== THE INPUT

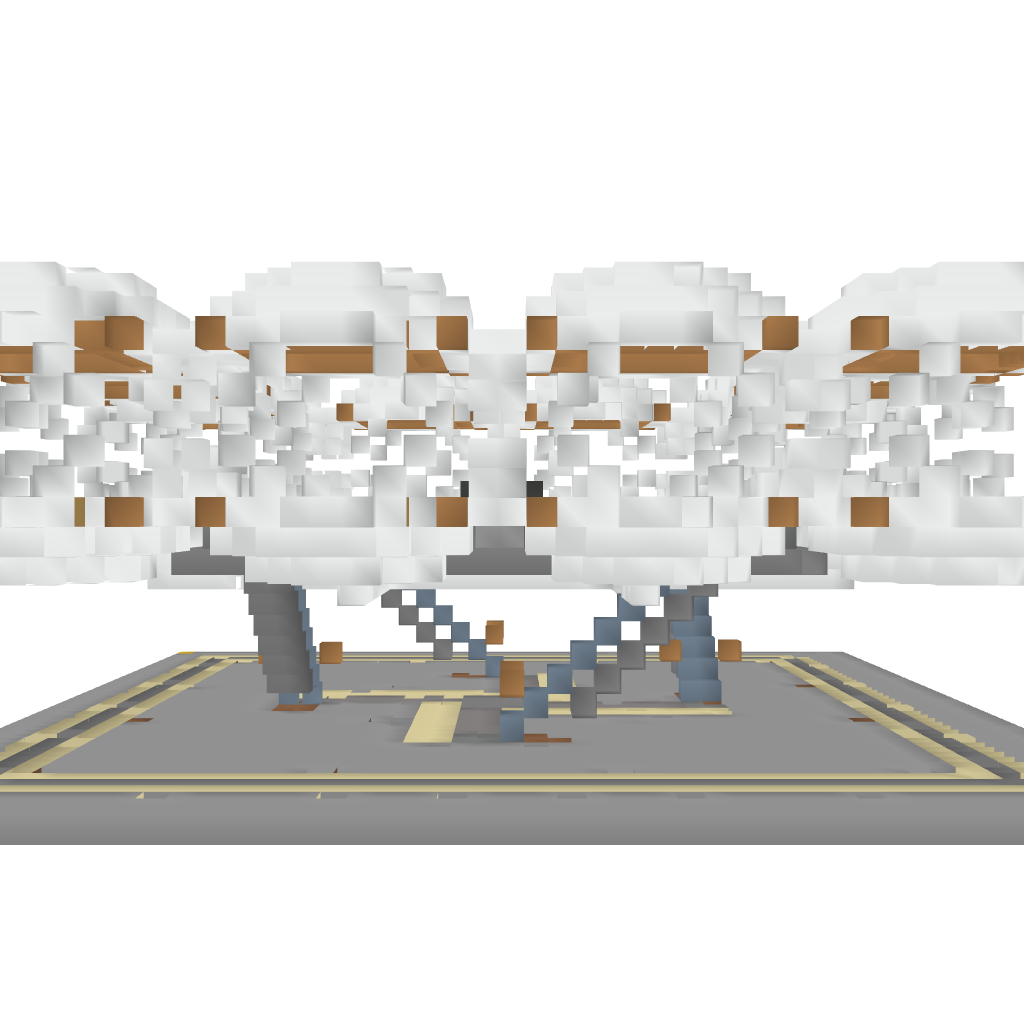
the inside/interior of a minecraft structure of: Golf Ball House
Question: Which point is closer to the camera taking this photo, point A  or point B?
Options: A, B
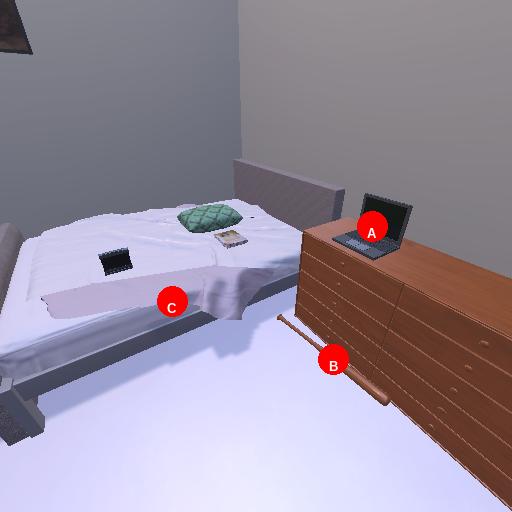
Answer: A
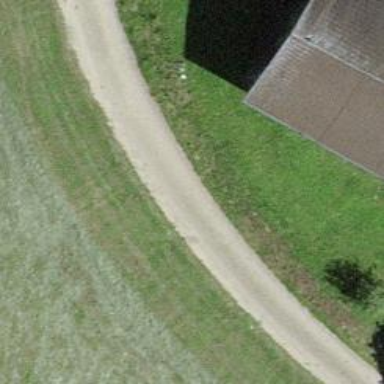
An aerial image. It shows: Paved track road with grade1 track type.
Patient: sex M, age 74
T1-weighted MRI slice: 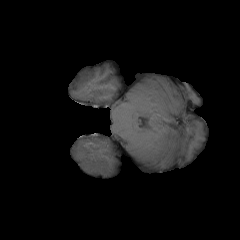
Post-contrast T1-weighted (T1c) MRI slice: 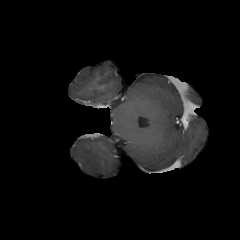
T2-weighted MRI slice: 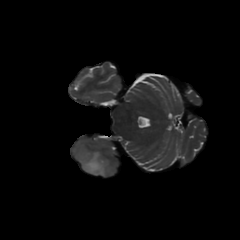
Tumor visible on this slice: yes
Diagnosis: Astrocytoma, IDH-wildtype
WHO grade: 3
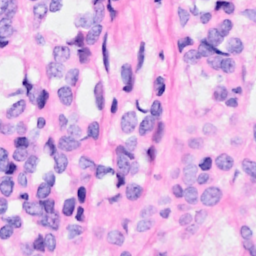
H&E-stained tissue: Breast
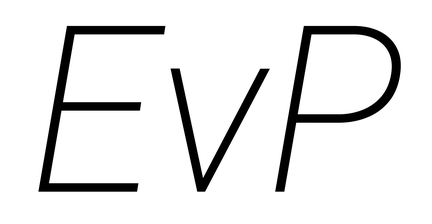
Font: Roboto-Italic_ExtraLight_Italic
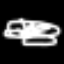
Label: squiggle
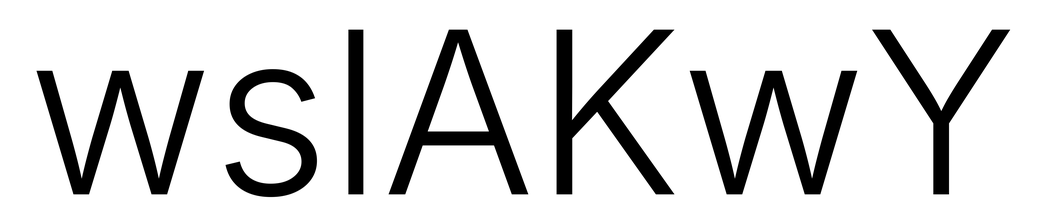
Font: Inter_Light
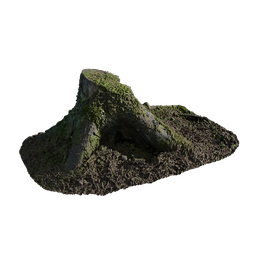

====

EXERCISE:
The records above are to be repeated word for word, with the pictures omitted.

OUTPUT FOR THIS EXERCISE:
the inside/interior of a minecraft structure of: Golf Ball House
Question: Which point is closer to the camera taking this photo, point A  or point B?
Options: A, B
Answer: A
An aerial image. It shows: Paved track road with grade1 track type.
Patient: sex M, age 74
T1-weighted MRI slice: 
Post-contrast T1-weighted (T1c) MRI slice: 
T2-weighted MRI slice: 
Tumor visible on this slice: yes
Diagnosis: Astrocytoma, IDH-wildtype
WHO grade: 3
H&E-stained tissue: Breast
Font: Roboto-Italic_ExtraLight_Italic
Label: squiggle
Font: Inter_Light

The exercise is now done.